I will admit, many an apology has crossed my lips begrudgingly, full of snarkiness and lacking authenticity. This usually happened when the apology was directed toward a sibling as commanded by our mother. But the practice was part of growing up. We learned the importance of saying the words, “I am sorry,” as the first step toward reconciliation and the way to begin to set a relationship right.

I am fascinated by Japanese culture, where apologizing is more than simply expressing you are sorry. Apologizing is about politeness and being courteous, hallmarks of this Eastern country and the means to achieve a harmonious society. Even ego-driven business leaders, politicians, and celebrities value the importance of apologizing as a way to rebuild trust and strengthen connections with customers, constituents, or fans. Japanese apologies go beyond language and generally include a formal bow as a sign of respect. The more robust an apology, the deeper and longer the bow.

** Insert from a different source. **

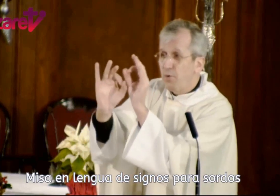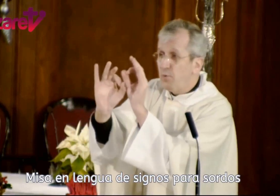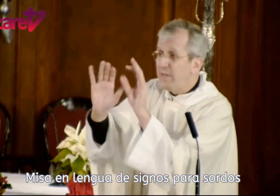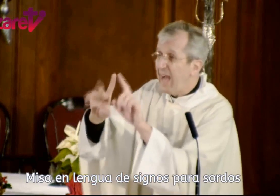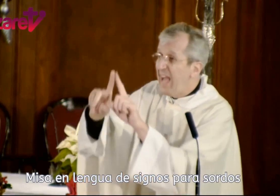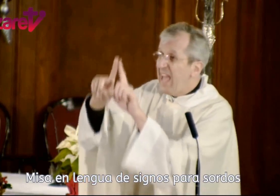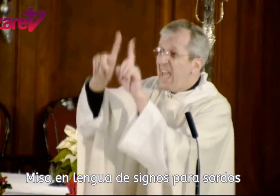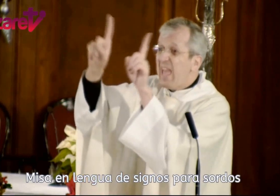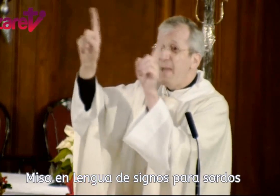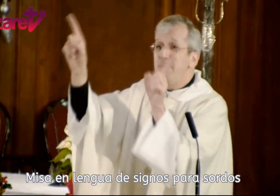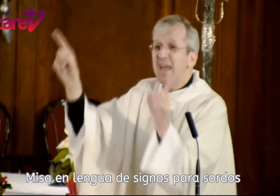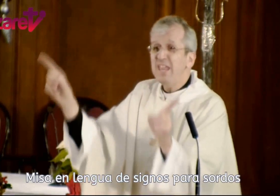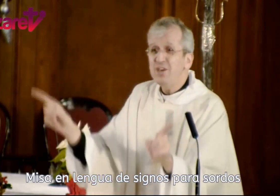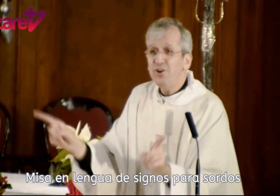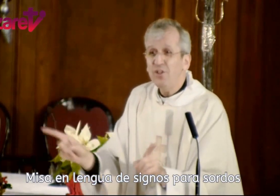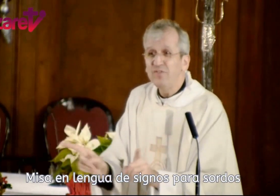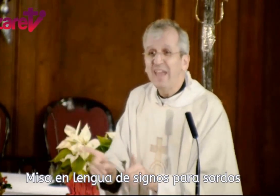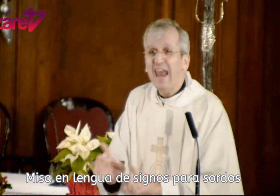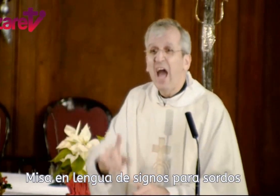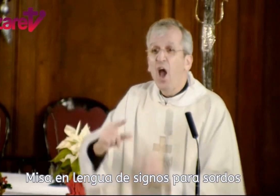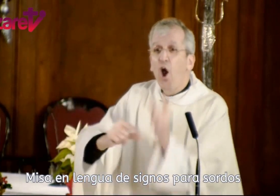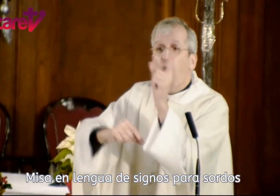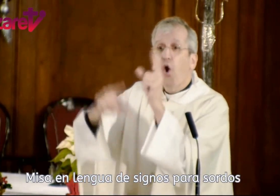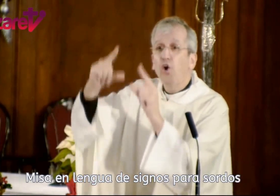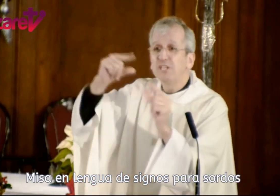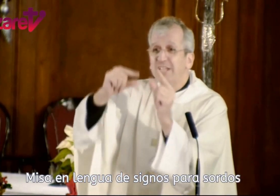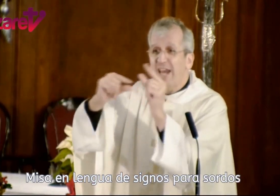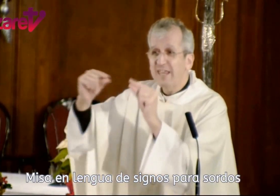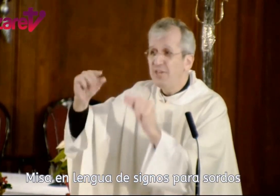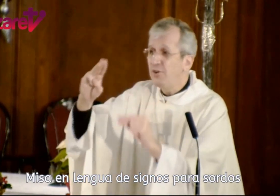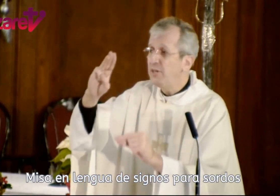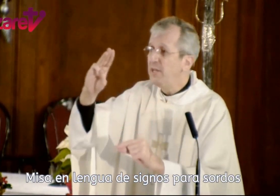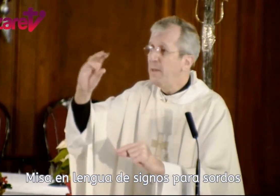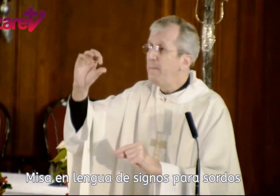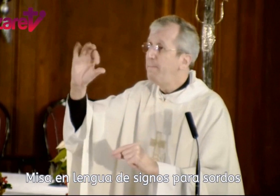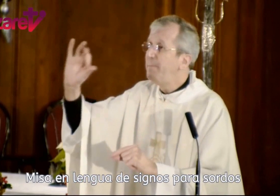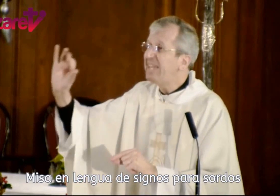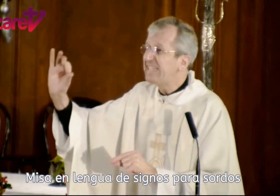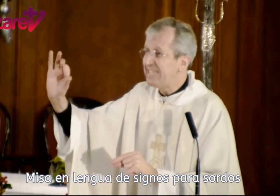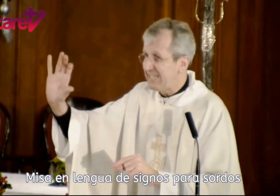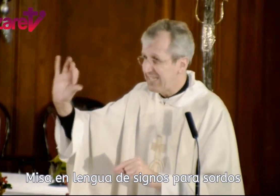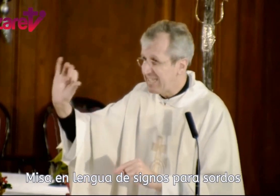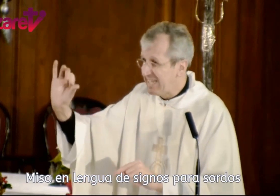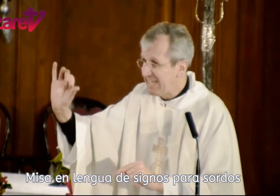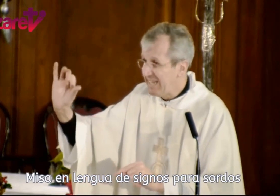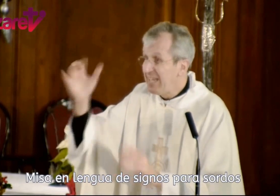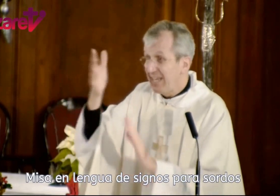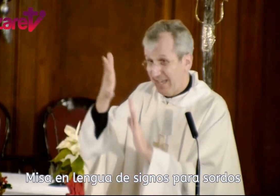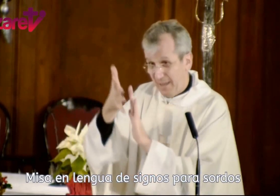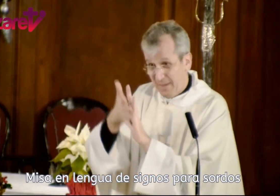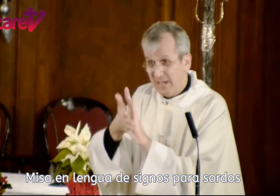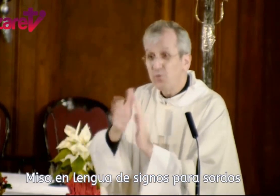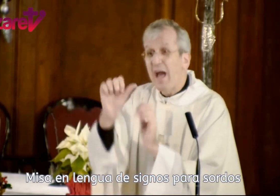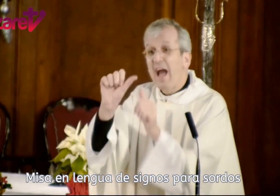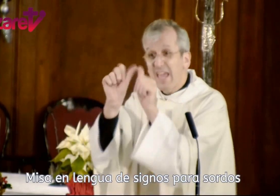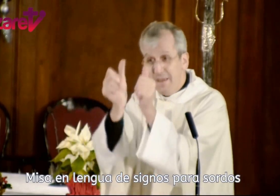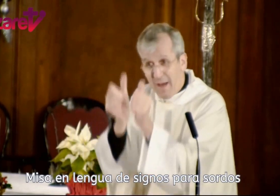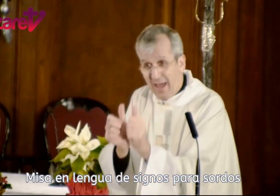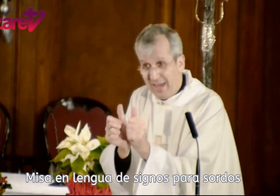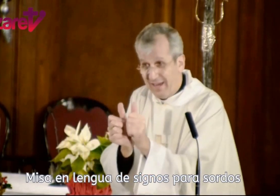muy unida en medio de la constelación Pixis, que también es una imagen,
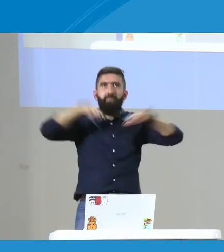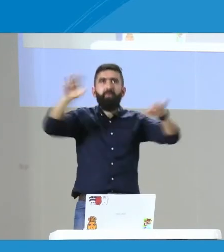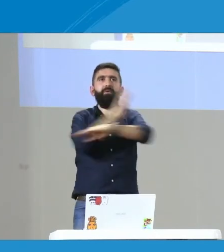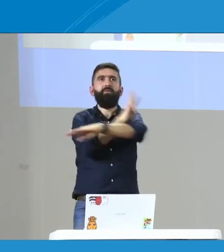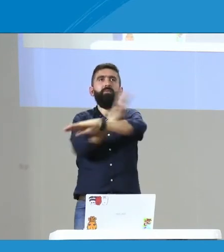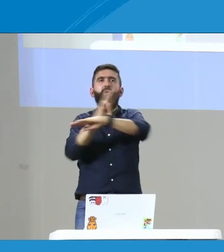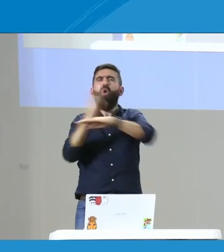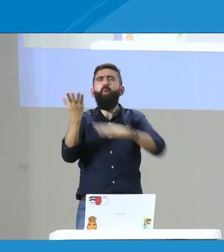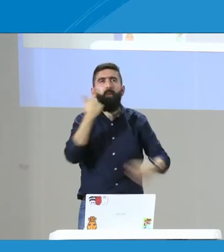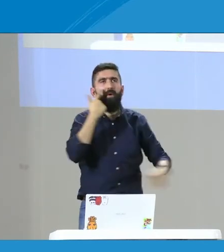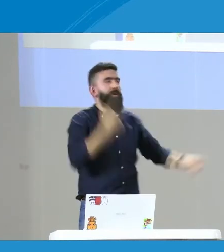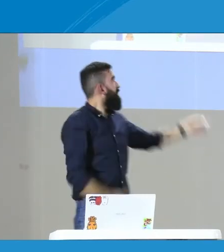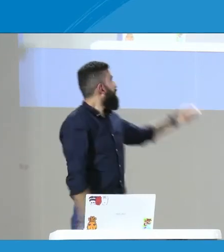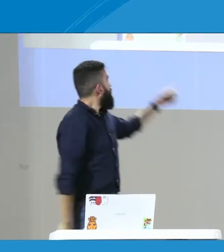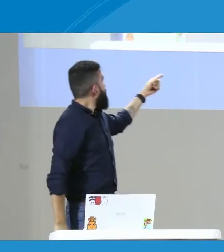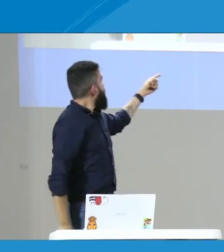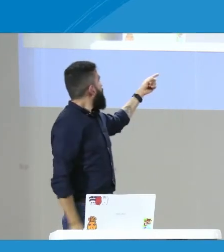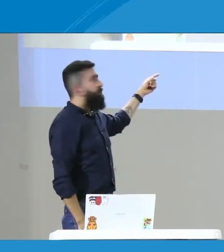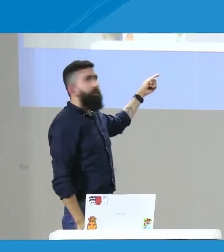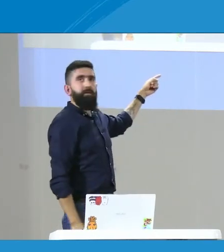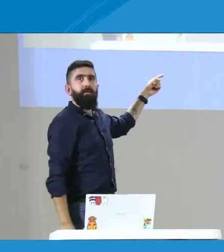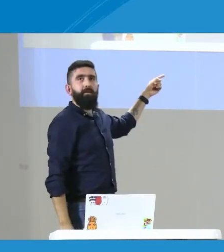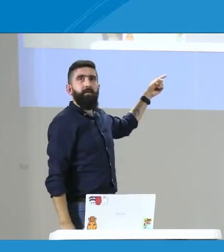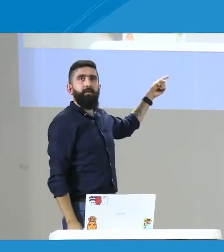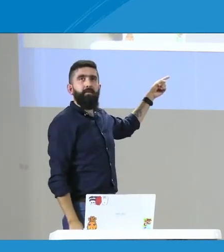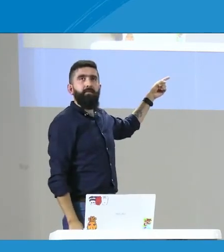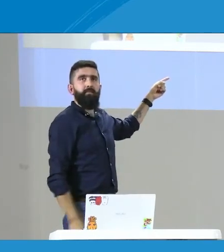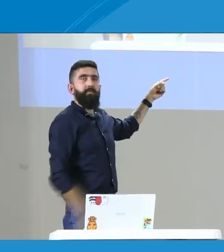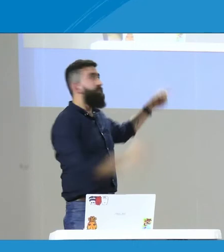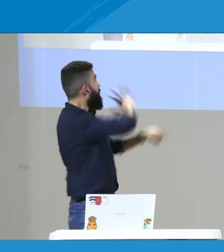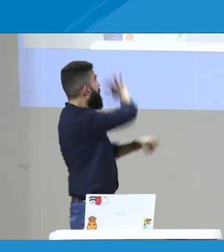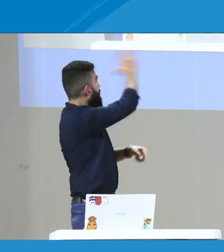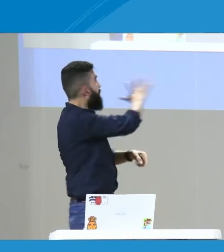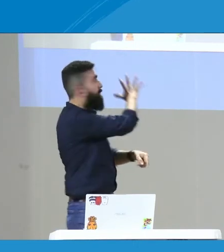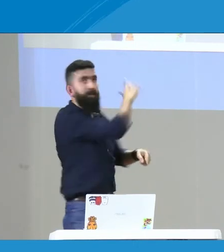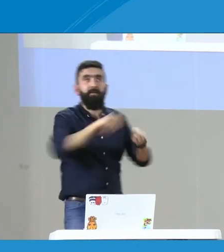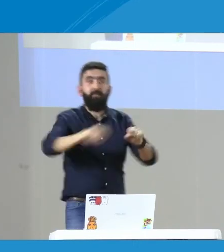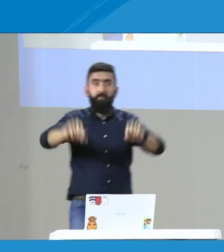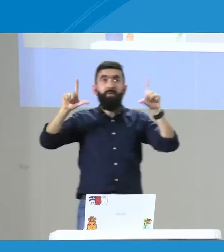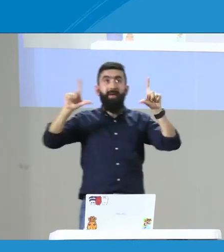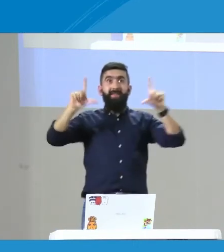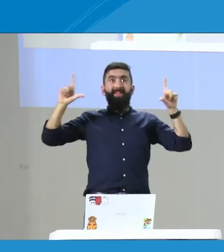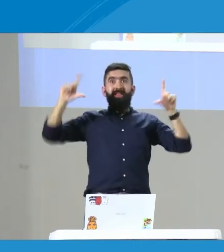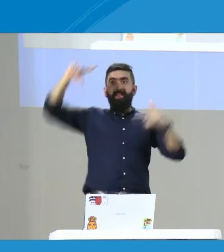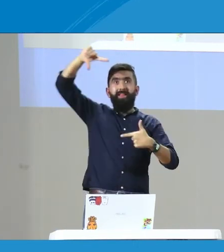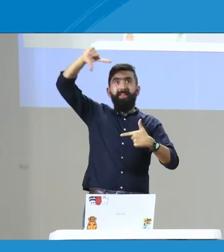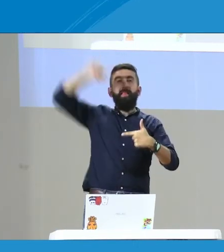y generar unos videos y eso se va a realizar a través de una página web en la página web del INSOR y este va a ser su diseño.

There are some people who simply refuse to apologize because they believe an apology is equivalent to an ego-injuring admission of guilt, one step short of groveling. These unapologetic types may also get a power rush by holding back on making a simple apology, establishing their control. Whatever the egocentric motivation for their apology aversion, they have missed the whole point. Apologies are not about admitting guilt or appearing weak. The primary purpose for an apology is simply to convey that you care.

I’m a diehard movie fan, and countless catchphrases from the silver screen find their way into my everyday conversations. There is one movie line, however, that has always bugged me: “Love means never having to say you’re sorry.” Though I adore the 1970 film Love Story, this makes no sense whatsoever. “It is outrageous, egregious, preposterous,” to quote a favorite Seinfeld episode.

You don’t have to love someone—or to even like them—for an apology to be appropriate if you have offended them, with or without intention. Being a good human being means caring about someone else’s feelings. And when you have hurt someone you love, it is imperative that you apologize, with sincerity and fitting contrition.

An offer of a sincere apology can be a soul cleansing, relationship-restoring experience. Hollywood notwithstanding, “Love means always remembering to say you’re sorry.”

I’m here if you need me. Until then, y’all behave.